* Prompt
Copy out the records in full, word for word, without pictures.

Source data
========================================================================

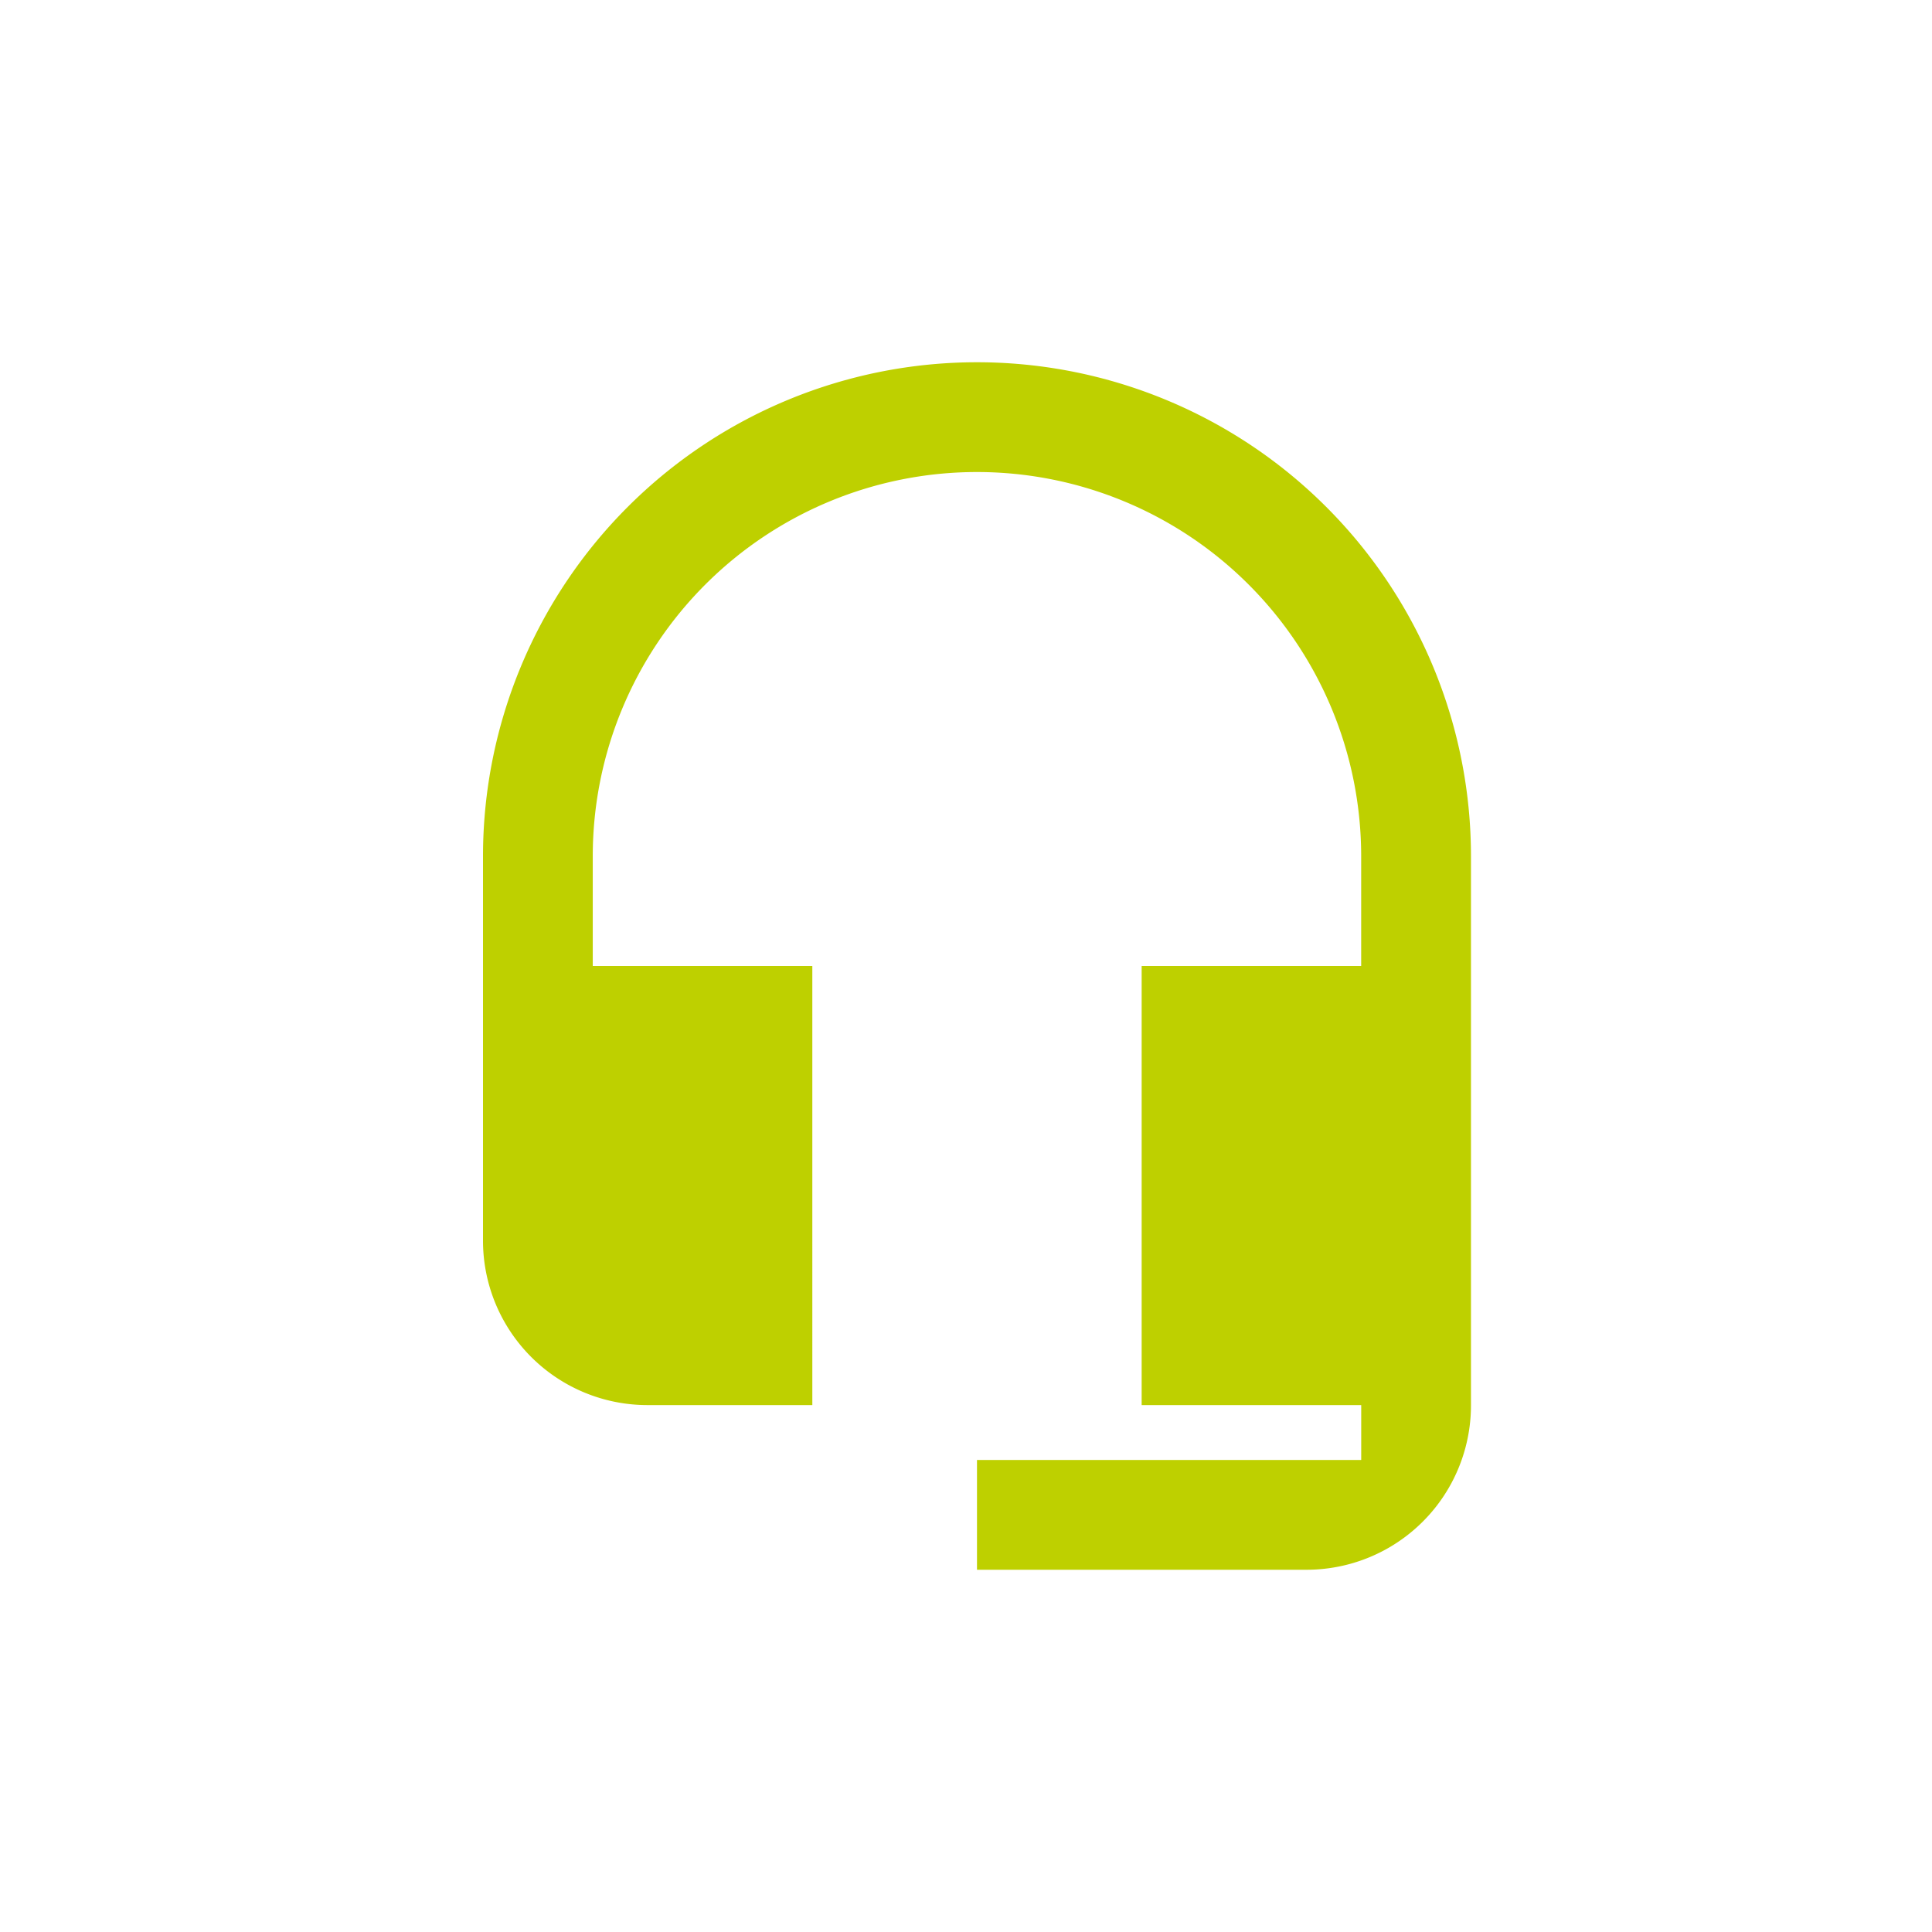 <svg xmlns="http://www.w3.org/2000/svg" xmlns:xlink="http://www.w3.org/1999/xlink" width="48" height="48" viewBox="0 0 48 48">
  <defs>
    <clipPath id="clip-path">
      <rect id="Bold_book-book-pages" data-name="Bold / book-book-pages" width="48" height="48" transform="translate(-20023 -21320)" fill="#bed000"/>
    </clipPath>
  </defs>
  <g id="Groupe_de_masques_172" data-name="Groupe de masques 172" transform="translate(20023 21320)" clip-path="url(#clip-path)">
    <path id="ic_headset_mic_24px" d="M15.273,1A12.274,12.274,0,0,0,3,13.273v9.545a4.085,4.085,0,0,0,4.091,4.091h4.091V16H5.727V13.273a9.545,9.545,0,1,1,19.091,0V16H19.364V26.909h5.455v1.364H15.273V31h8.182a4.085,4.085,0,0,0,4.091-4.091V13.273A12.274,12.274,0,0,0,15.273,1Z" transform="translate(-20014 -21312)" fill="#bed000"/>
  </g>
</svg>
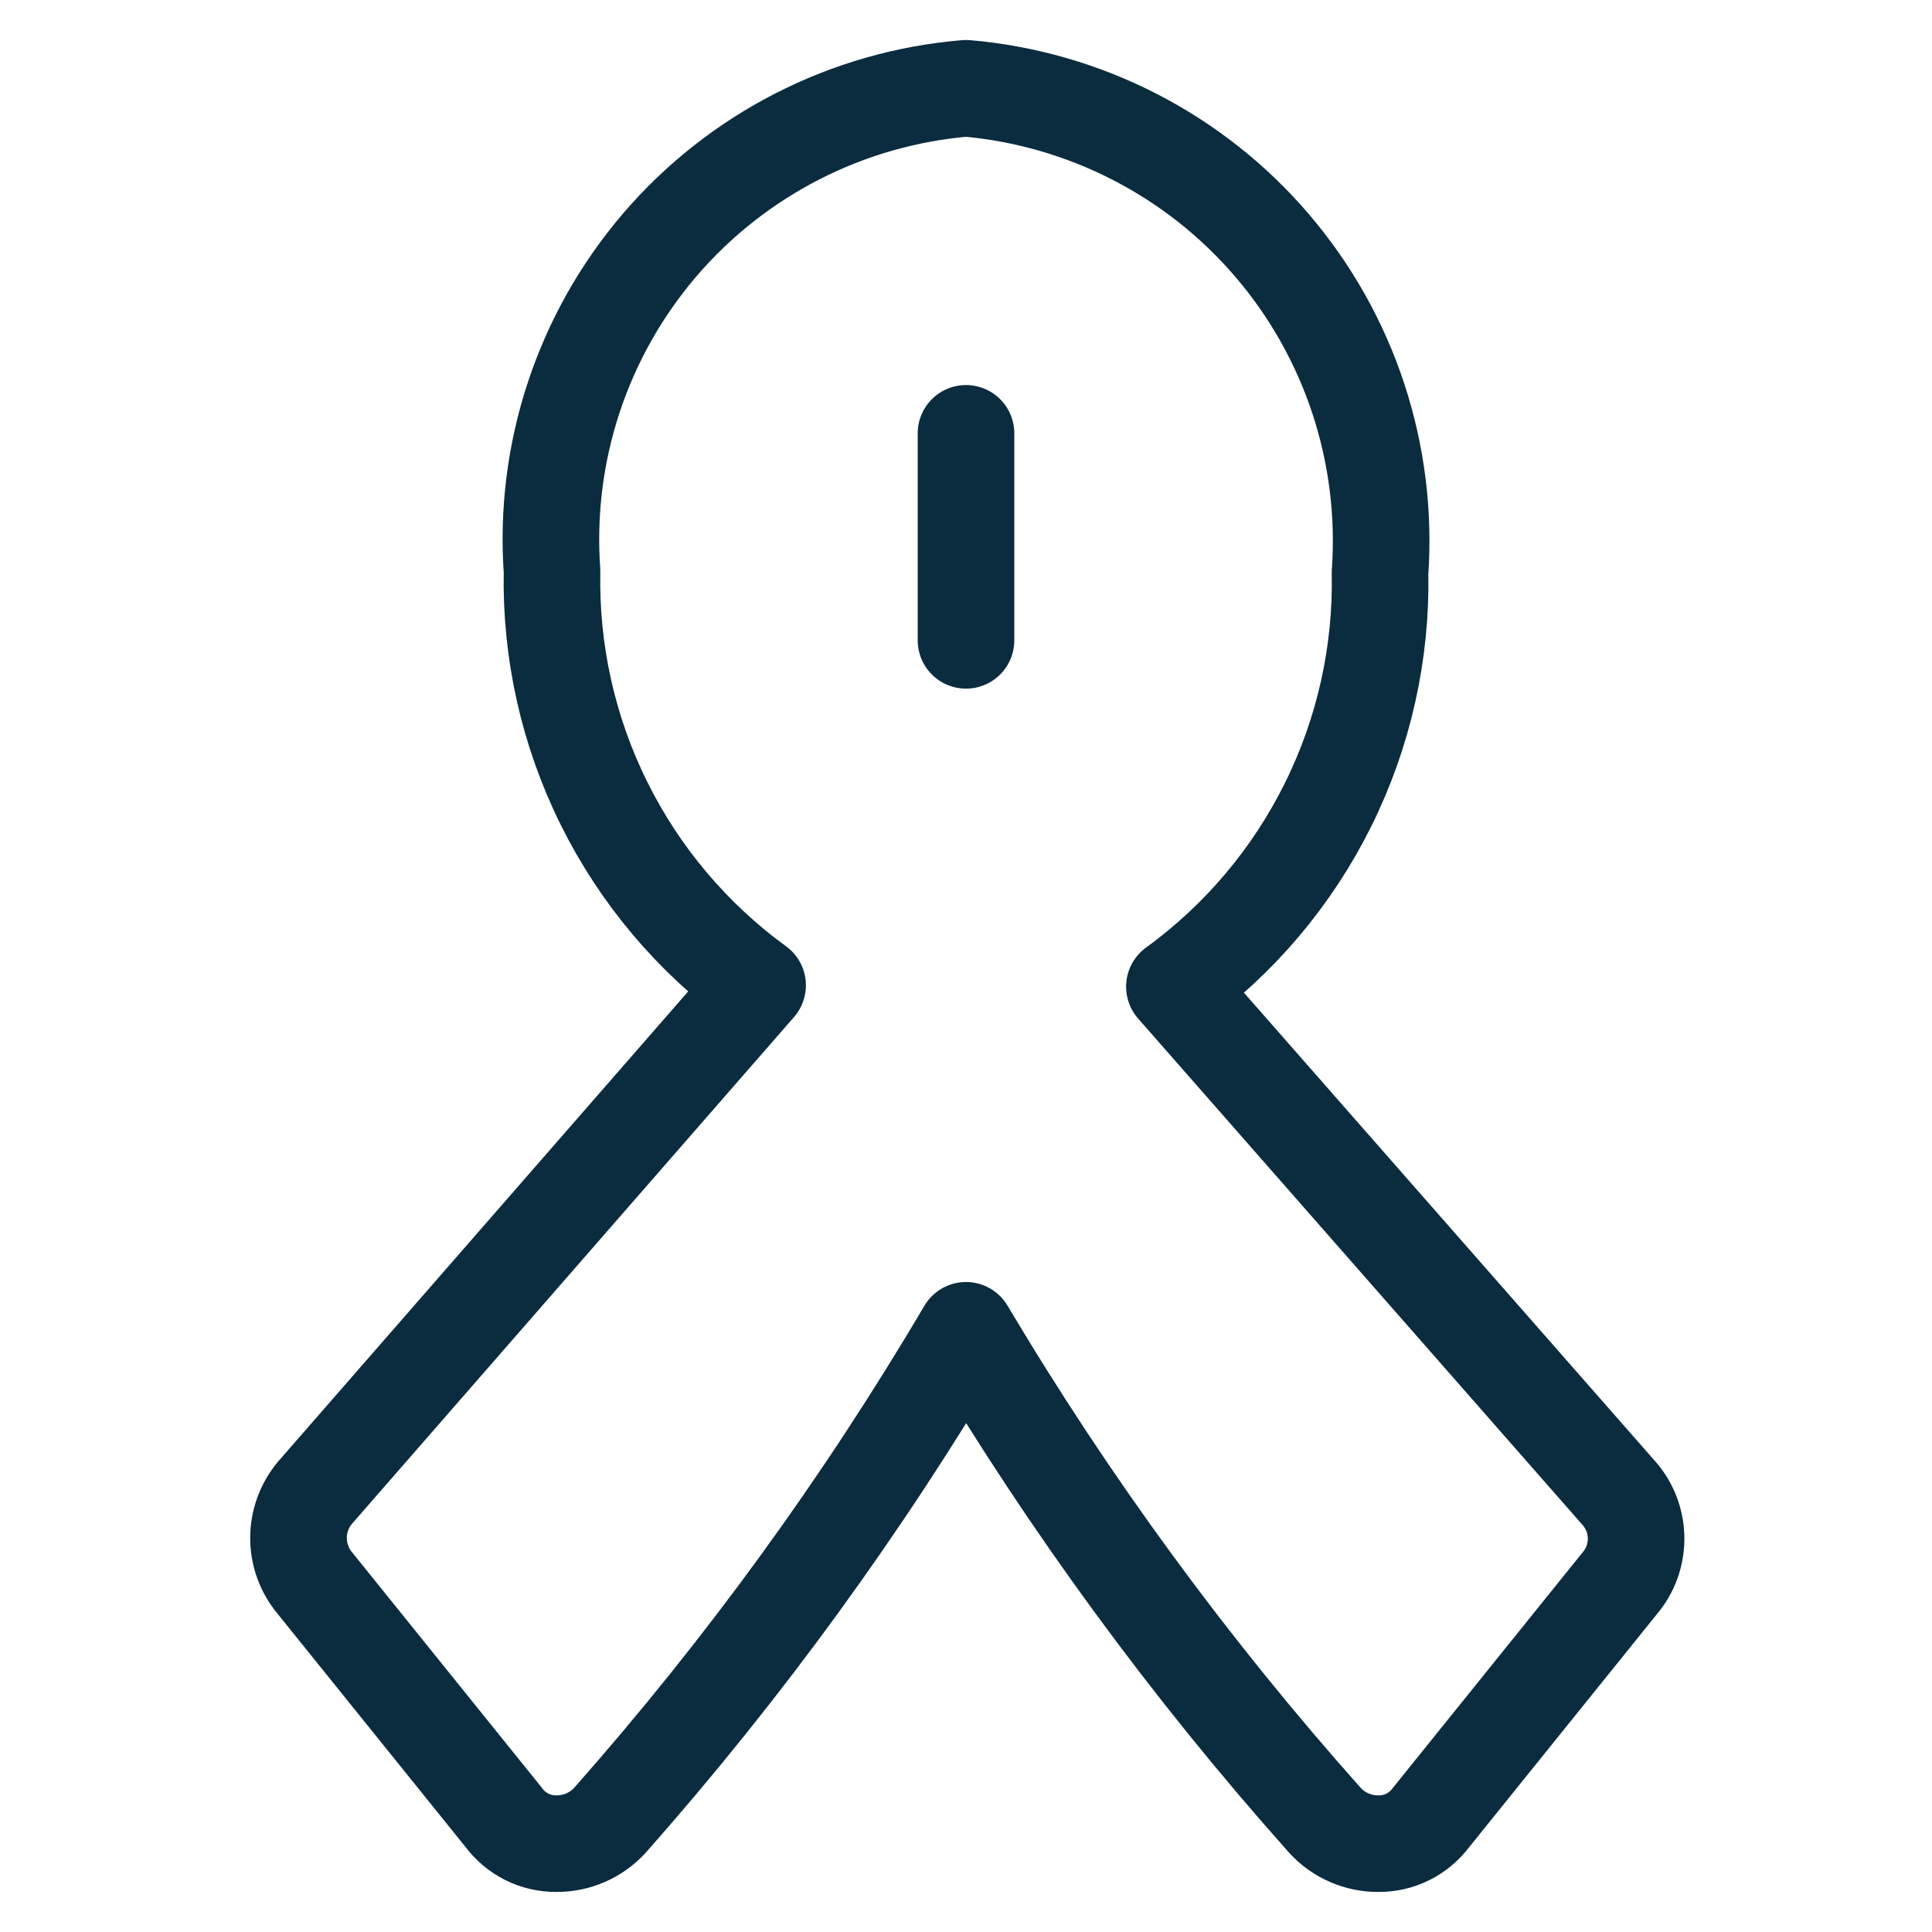 <svg width="30" height="30" viewBox="0 0 30 30" fill="none" xmlns="http://www.w3.org/2000/svg">
<path d="M15 6.729V9.943" stroke="#0B2B3F" stroke-width="1.5" stroke-linecap="round" stroke-linejoin="round"/>
<path d="M18.236 15.321C19.247 14.586 20.065 13.618 20.621 12.498C21.177 11.379 21.454 10.142 21.429 8.893C21.559 7.046 20.958 5.222 19.756 3.815C18.553 2.407 16.845 1.53 15 1.371C13.158 1.524 11.45 2.397 10.246 3.801C9.043 5.205 8.441 7.027 8.572 8.871C8.547 10.121 8.824 11.358 9.38 12.477C9.936 13.596 10.754 14.565 11.764 15.3L4.886 23.185C4.724 23.381 4.635 23.628 4.635 23.882C4.635 24.136 4.724 24.382 4.886 24.578L7.822 28.221C7.916 28.348 8.039 28.451 8.18 28.522C8.322 28.593 8.478 28.629 8.636 28.628C8.793 28.63 8.949 28.598 9.093 28.535C9.237 28.473 9.366 28.38 9.472 28.264C11.553 25.91 13.404 23.363 15 20.657C16.61 23.365 18.476 25.912 20.572 28.264C20.677 28.38 20.806 28.473 20.951 28.535C21.095 28.598 21.25 28.63 21.407 28.628C21.566 28.629 21.722 28.593 21.863 28.522C22.005 28.451 22.127 28.348 22.222 28.221L25.157 24.578C25.318 24.386 25.405 24.143 25.405 23.892C25.405 23.642 25.318 23.399 25.157 23.207L18.236 15.321Z" stroke="#0B2B3F" stroke-width="1.5" stroke-linecap="round" stroke-linejoin="round"/>
</svg>

========================================================================

* Your solution
 <svg xmlns="http://www.w3.org/2000/svg" xmlns:xlink="http://www.w3.org/1999/xlink" width="48" height="48" viewBox="0 0 48 48">
  <defs>
    <clipPath id="clip-path">
      <rect id="Bold_book-book-pages" data-name="Bold / book-book-pages" width="48" height="48" transform="translate(-20023 -21320)" fill="#bed000"/>
    </clipPath>
  </defs>
  <g id="Groupe_de_masques_172" data-name="Groupe de masques 172" transform="translate(20023 21320)" clip-path="url(#clip-path)">
    <path id="ic_headset_mic_24px" d="M15.273,1A12.274,12.274,0,0,0,3,13.273v9.545a4.085,4.085,0,0,0,4.091,4.091h4.091V16H5.727V13.273a9.545,9.545,0,1,1,19.091,0V16H19.364V26.909h5.455v1.364H15.273V31h8.182a4.085,4.085,0,0,0,4.091-4.091V13.273A12.274,12.274,0,0,0,15.273,1Z" transform="translate(-20014 -21312)" fill="#bed000"/>
  </g>
</svg>
 <svg width="30" height="30" viewBox="0 0 30 30" fill="none" xmlns="http://www.w3.org/2000/svg">
<path d="M15 6.729V9.943" stroke="#0B2B3F" stroke-width="1.5" stroke-linecap="round" stroke-linejoin="round"/>
<path d="M18.236 15.321C19.247 14.586 20.065 13.618 20.621 12.498C21.177 11.379 21.454 10.142 21.429 8.893C21.559 7.046 20.958 5.222 19.756 3.815C18.553 2.407 16.845 1.53 15 1.371C13.158 1.524 11.45 2.397 10.246 3.801C9.043 5.205 8.441 7.027 8.572 8.871C8.547 10.121 8.824 11.358 9.38 12.477C9.936 13.596 10.754 14.565 11.764 15.3L4.886 23.185C4.724 23.381 4.635 23.628 4.635 23.882C4.635 24.136 4.724 24.382 4.886 24.578L7.822 28.221C7.916 28.348 8.039 28.451 8.18 28.522C8.322 28.593 8.478 28.629 8.636 28.628C8.793 28.63 8.949 28.598 9.093 28.535C9.237 28.473 9.366 28.38 9.472 28.264C11.553 25.91 13.404 23.363 15 20.657C16.61 23.365 18.476 25.912 20.572 28.264C20.677 28.38 20.806 28.473 20.951 28.535C21.095 28.598 21.25 28.63 21.407 28.628C21.566 28.629 21.722 28.593 21.863 28.522C22.005 28.451 22.127 28.348 22.222 28.221L25.157 24.578C25.318 24.386 25.405 24.143 25.405 23.892C25.405 23.642 25.318 23.399 25.157 23.207L18.236 15.321Z" stroke="#0B2B3F" stroke-width="1.5" stroke-linecap="round" stroke-linejoin="round"/>
</svg>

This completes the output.